20 years ago today, I stood in front of family and friends and eulogized my beloved grandmother, Lillie Ann DeBerry. I will never forget the anxiety that overtook me as I clutched the already written devotion and the feeling of relief when I decided to freestyle it and just speak from my heart. The look on my grandfather’s face, the smiles, but also the emptiness that I felt- the feeling of being gut punched as I braved my way through those moments. Unforgettable.
My mind has a hard time believing that 20 years has passed but another part of self is settled in it. I am such a different person then than I am now. I have been twice divorced, engaged twice, had 5 more children, left organized religion, cut off all my hair, regrew it, grew locs, moved, and yet I still miss my grandma Lillie with the same intensity.
I will tell you that I find great solace and peace in my spiritual practices of ancestral recognition, veneration, and honor. I know that she is ever with me, speaking, guiding, protecting, even chastising at times. Her spirit remains a strong presence in my life and the lives of my children.

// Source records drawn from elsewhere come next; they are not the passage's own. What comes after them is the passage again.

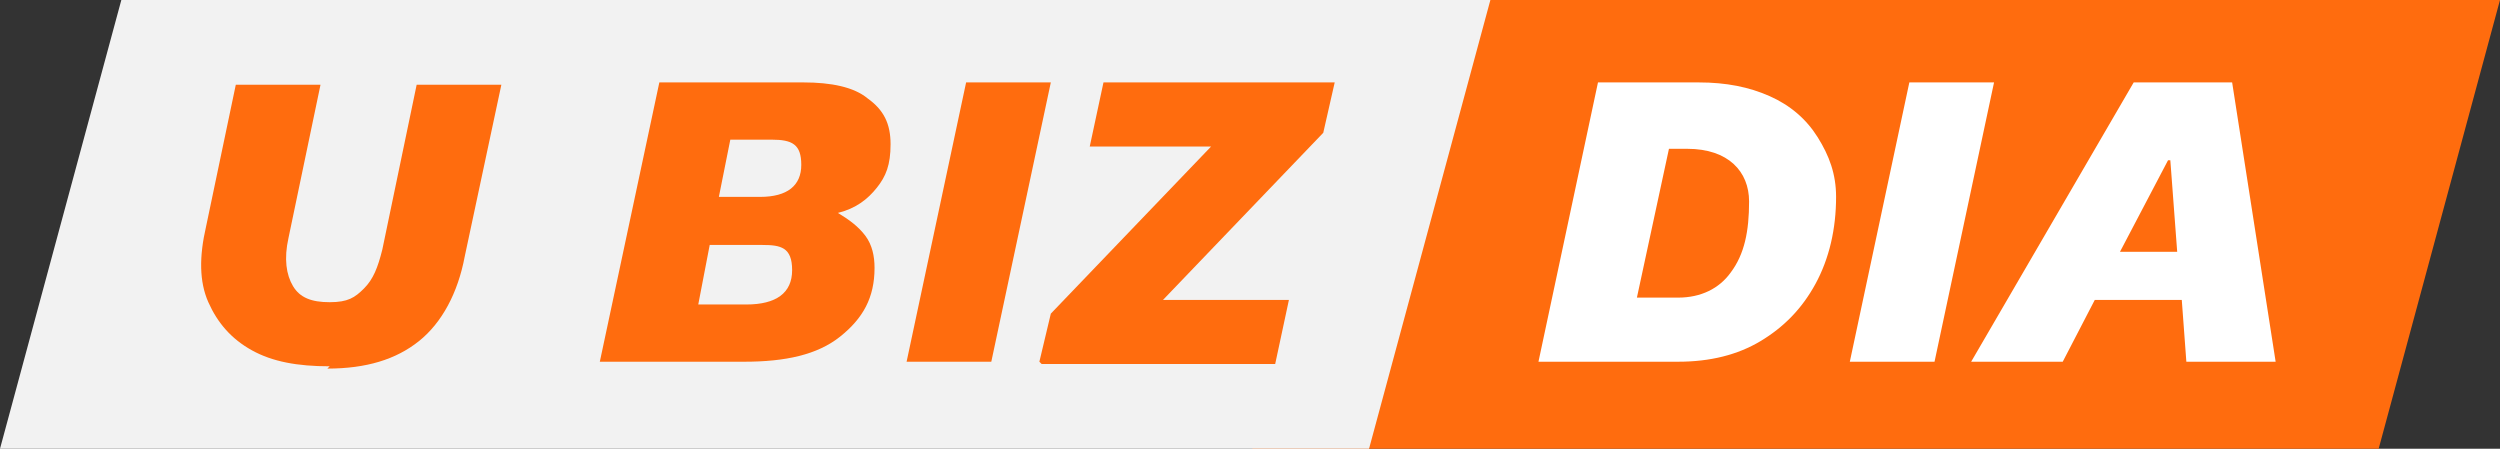 <?xml version="1.0" encoding="UTF-8"?>
<svg xmlns="http://www.w3.org/2000/svg" version="1.1" viewBox="0 0 109.2 19.6">
  <rect x="0" y="0" width="109.2" height="19.6" fill="#333333" stroke="none"/>
  <defs>
    <style>
      .cls-1 {
        fill: #fff;
      }

      .cls-2 {
        fill: #f2f2f2;
      }

      .cls-3 {
        fill: #ff6c0e;
      }
    </style>
  </defs>
  <!-- Generator: Adobe Illustrator 28.7.1, SVG Export Plug-In . SVG Version: 1.2.0 Build 142)  -->
  <g>
    <g id="Layer_2">
      <g id="copy">
        <g>
          <polygon class="cls-3" points="103.9 19.6 54.7 19.6 60 0 109.2 0 103.9 19.6"/>
          <polygon class="cls-2" points="59.8 19.6 0 19.6 5.3 0 65.1 0 59.8 19.6"/>
          <g>
            <g>
              <path class="cls-3" d="M14.4,16c-1.4,0-2.5-.2-3.4-.7s-1.5-1.2-1.9-2.1-.4-2-.1-3.3l1.3-6.2h3.7l-1.4,6.7c-.2.9-.1,1.6.2,2.1s.8.7,1.6.7,1.1-.2,1.5-.6.6-.9.8-1.7l1.5-7.2h3.7l-1.6,7.5c-.3,1.6-1,2.9-2,3.7-1,.8-2.3,1.2-4,1.2h0Z"/>
              <path class="cls-3" d="M26.2,15.8l2.6-12.2h6.3c1.2,0,2.2.2,2.8.7.7.5,1,1.1,1,2s-.2,1.4-.6,1.9c-.4.5-.9.9-1.7,1.1h0c.5.3.9.6,1.2,1s.4.9.4,1.4c0,1.3-.5,2.2-1.5,3s-2.4,1.1-4.2,1.1h-6.4,0ZM33.2,10.7h-2.2l-.5,2.6h2.1c1.3,0,2-.5,2-1.5s-.5-1.1-1.3-1.1h0ZM33.7,6.1h-1.8l-.5,2.5h1.8c1.2,0,1.8-.5,1.8-1.4s-.4-1.1-1.3-1.1Z"/>
              <path class="cls-3" d="M39.6,15.8l2.6-12.2h3.7l-2.6,12.2h-3.7Z"/>
              <path class="cls-3" d="M45.4,15.8l.5-2.1,7-7.3h-5.3l.6-2.8h10.1l-.5,2.2-7,7.3h5.5l-.6,2.8h-10.2,0Z"/>
            </g>
            <g>
              <path class="cls-1" d="M67.2,15.8l2.6-12.2h4.4c1.2,0,2.2.2,3.1.6.9.4,1.6,1,2.1,1.8s.8,1.6.8,2.6c0,1.4-.3,2.7-.9,3.8s-1.4,1.9-2.4,2.5-2.2.9-3.6.9h-6,0ZM73.7,6.5h-.8l-1.4,6.5h1.8c1,0,1.8-.4,2.3-1.1.6-.8.8-1.8.8-3.1s-.9-2.3-2.7-2.3Z"/>
              <path class="cls-1" d="M80.8,15.8l2.6-12.2h3.7l-2.6,12.2h-3.7Z"/>
              <path class="cls-1" d="M86.1,15.8l7.1-12.2h4.3l1.9,12.2h-3.9l-.2-2.7h-3.8l-1.4,2.7h-4,0ZM94.7,7l-2.1,4h2.5l-.3-4h-.1Z"/>
            </g>
          </g>
        </g>
      </g>
    </g>
  </g>
</svg>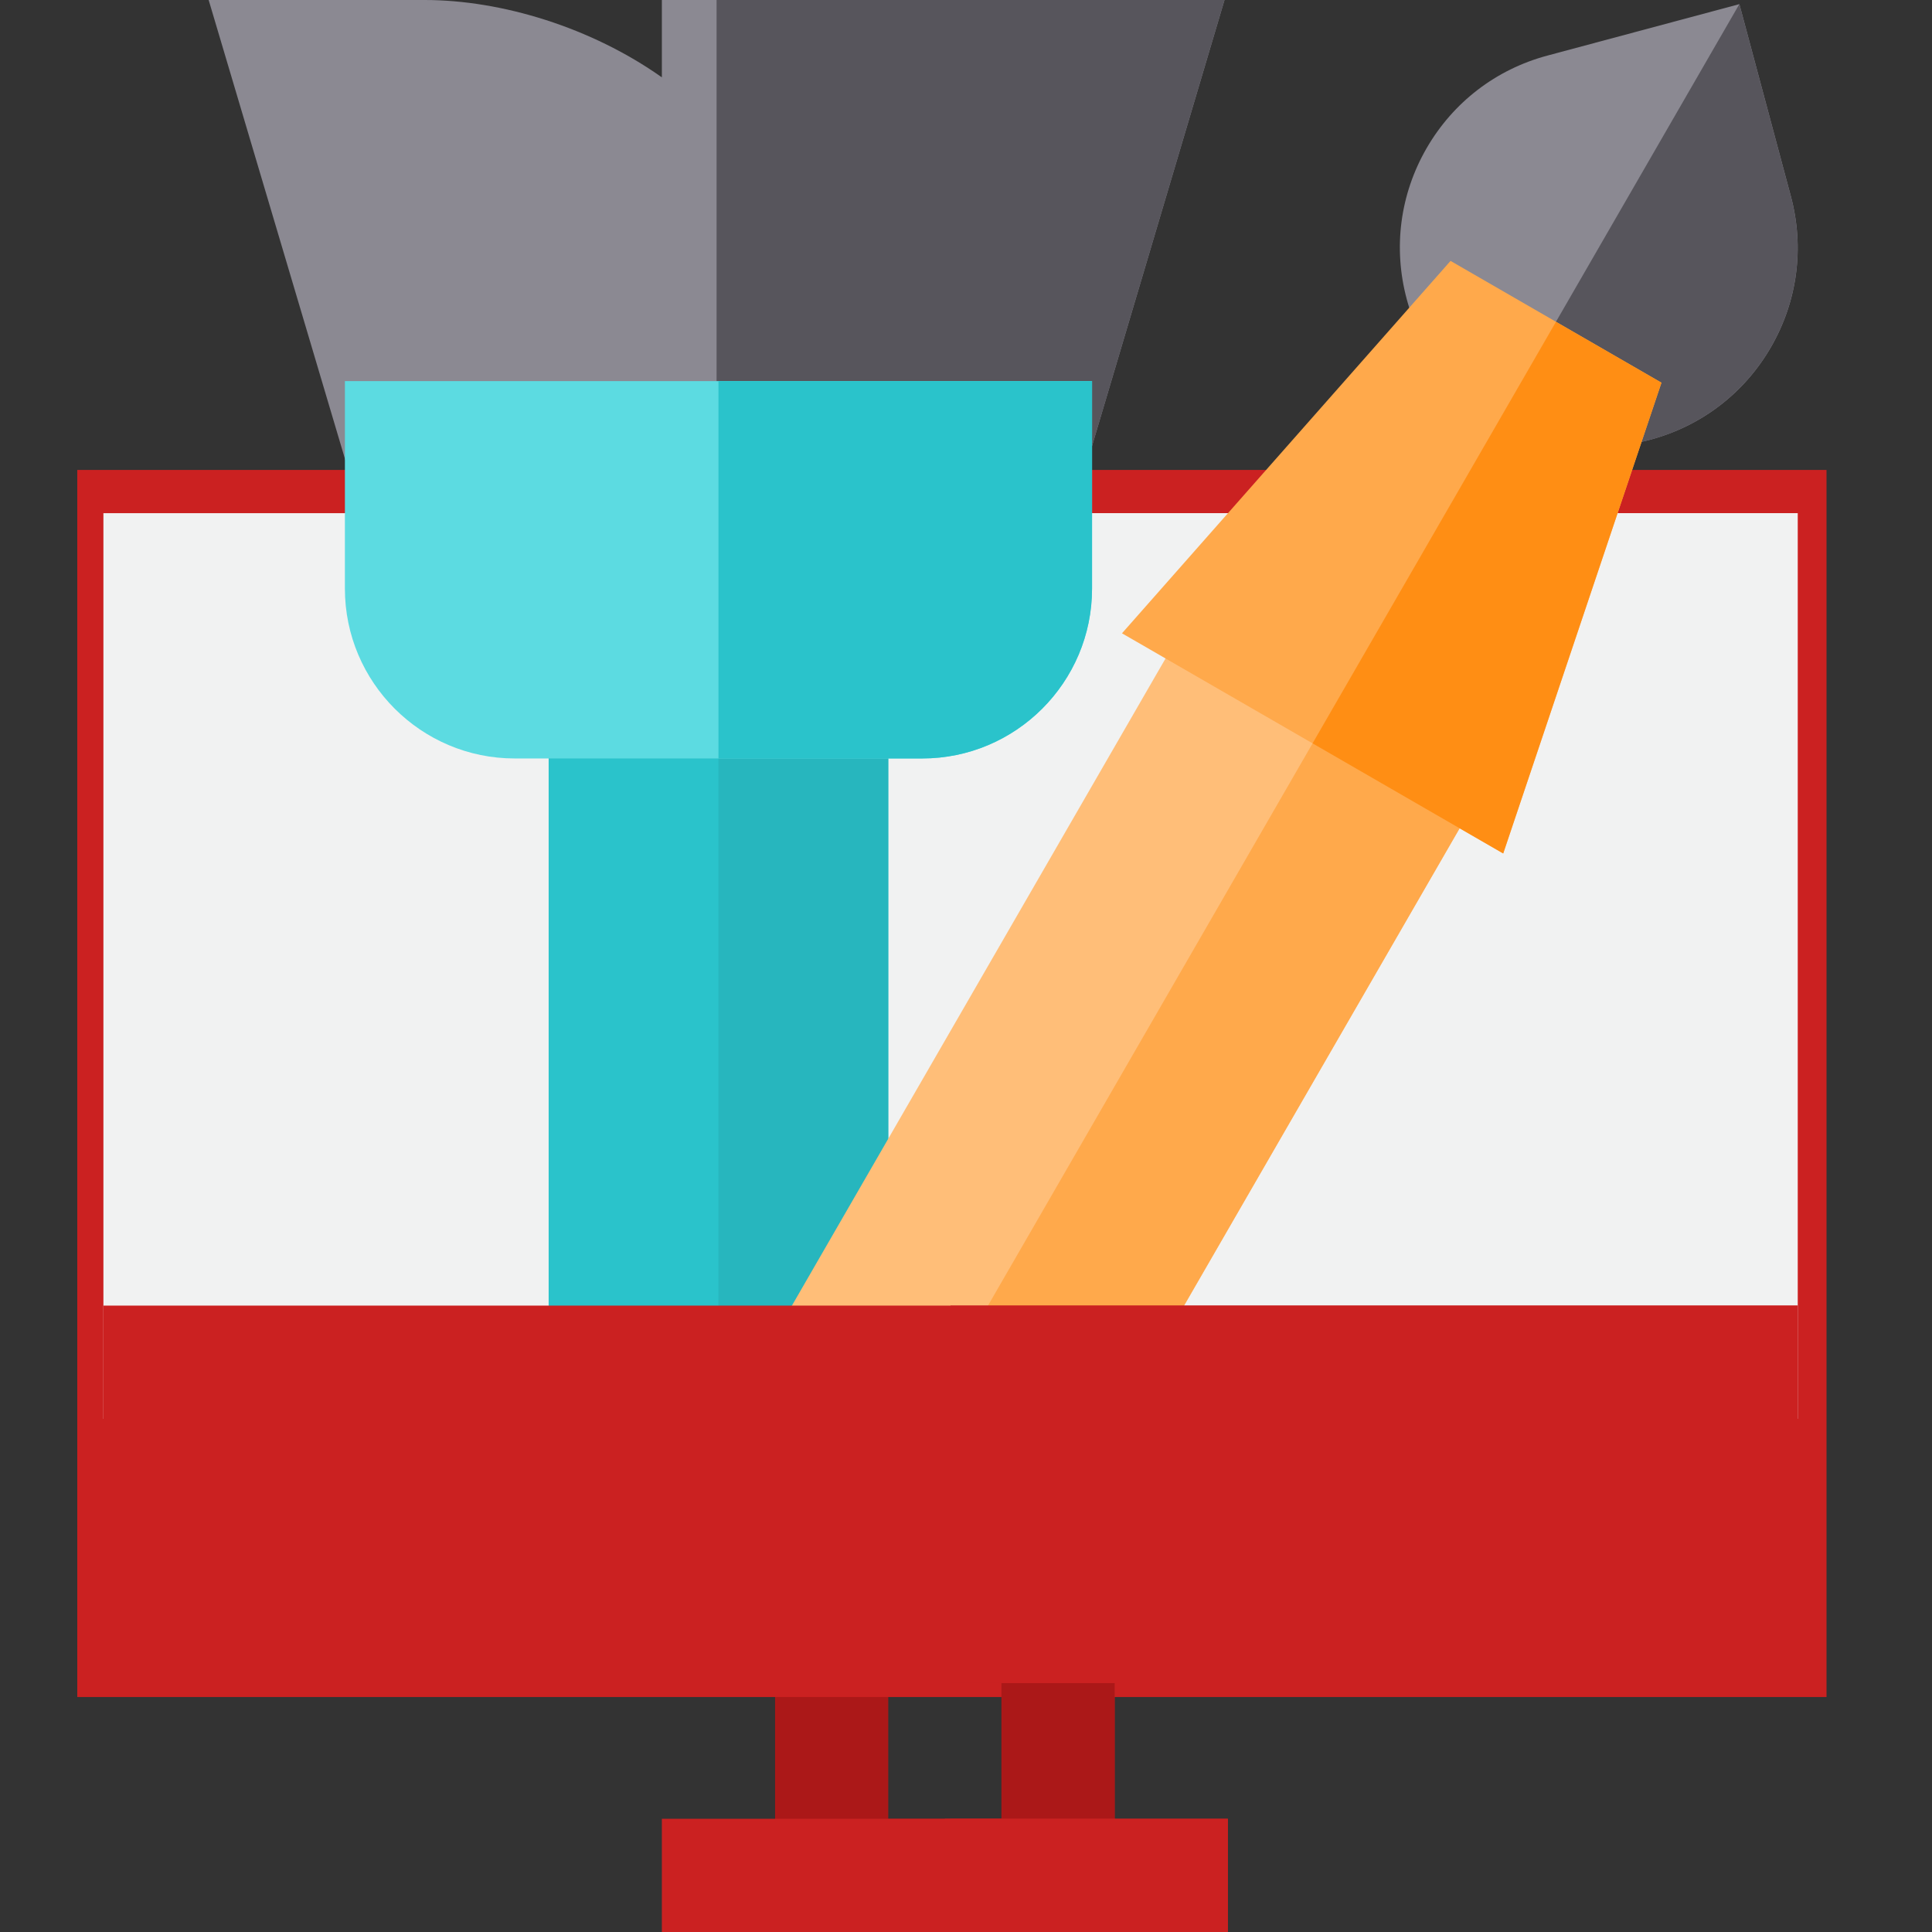 <svg width="50" height="50" viewBox="0 0 50 50" fill="none" xmlns="http://www.w3.org/2000/svg">
<rect x="0" y="0" width="50" height="50" fill="#333333" stroke="none"/>
<path d="M28.848 49.023H20.059V40.625H28.848V49.023ZM22.988 47.07H25.918V43.555H22.988V47.07Z" fill="#AB1818"/>
<path d="M47.27 43.919H2V12.162H47.27V43.919Z" fill="#CB2121"/>
<path d="M24.6 43.555H25.918V47.07H24.6V49.023H28.848V40.625H24.6V43.555Z" fill="#AB1818"/>
<path d="M46.523 36.719H2.676V13.281H46.523V36.719Z" fill="#F1F2F2"/>
<path d="M46.523 13.281H24.6V36.719H46.523V13.281Z" fill="#F1F2F2"/>
<path d="M31.777 47.07H17.129V50H31.777V47.07Z" fill="#CB2121"/>
<path d="M22.988 36.719H14.199V16.699H22.988V36.719Z" fill="#2AC3CB"/>
<path d="M22.988 36.719H18.594V16.699H22.988V36.719Z" fill="#27B6BE"/>
<path d="M27.89 12.793H9.2L5.4 0H10.991C12.986 0 15.31 0.714 17.129 2.002V0H31.69L27.89 12.793Z" fill="#8B8992"/>
<path d="M31.69 0H18.545V12.793H27.89L31.69 0Z" fill="#57555C"/>
<path d="M23.867 19.629H13.32C10.897 19.629 8.926 17.657 8.926 15.234V9.863H28.262V15.234C28.262 17.657 26.29 19.629 23.867 19.629Z" fill="#5CDBE1"/>
<path d="M18.594 9.863V19.629H23.867C26.29 19.629 28.262 17.657 28.262 15.234V9.863H18.594Z" fill="#2AC3CB"/>
<path d="M41.368 11.557C40.477 11.557 39.597 11.323 38.804 10.866C37.613 10.178 36.762 9.069 36.406 7.741C36.05 6.413 36.233 5.027 36.92 3.836C37.608 2.646 38.717 1.795 40.045 1.439L45.015 0.107L46.347 5.077C46.703 6.405 46.52 7.792 45.833 8.982C45.146 10.172 44.036 11.024 42.708 11.38C42.265 11.498 41.815 11.557 41.368 11.557Z" fill="#8B8992"/>
<path d="M46.346 5.077L45.014 0.107H45.014L38.803 10.866C39.596 11.323 40.476 11.557 41.367 11.557C41.814 11.557 42.264 11.498 42.708 11.38C44.035 11.024 45.145 10.172 45.832 8.982C46.519 7.792 46.702 6.405 46.346 5.077Z" fill="#57555C"/>
<path d="M27.033 40.042L19.422 35.647L31.629 14.504L39.24 18.898L27.033 40.042Z" fill="#FFBE78"/>
<path d="M23.228 37.844L27.033 40.041L39.24 18.899L35.434 16.702L23.228 37.844Z" fill="#FFA94B"/>
<path d="M38.904 22.087L29.037 16.39L37.54 6.752L42.999 9.904L38.904 22.087Z" fill="#FFA94B"/>
<path d="M42.997 9.904L40.268 8.329L33.969 19.238L38.902 22.087L42.997 9.904Z" fill="#FF8E14"/>
<path d="M46.523 43.555H2.676V33.789H46.523V43.555Z" fill="#CB2121"/>
<path d="M46.523 33.789H24.6V43.555H46.523V33.789Z" fill="#CB2121"/>
<path d="M31.777 47.07H24.453V50H31.777V47.07Z" fill="#CB2121"/>
</svg>

Her death was tragic but it was her living that I am more concerned with. Once my mother transitioned last year, they both have shown up in multiple dreams. I giggle at the shenanigans that have occurred in the dream realm with those two. I have often felt a burning anger at how my grandmother lost her life, all of the pain she endured throughout the years. But, just as quickly I recall the joy that she expressed so freely, the tears with each laugh, the warmth of her hugs, and the love in each pot of food that she prepared. And I feel ease. ]
May my life be a testament to the power, strength, tenacity, and pure love of that woman. May my ancestral mothers be honored evermore.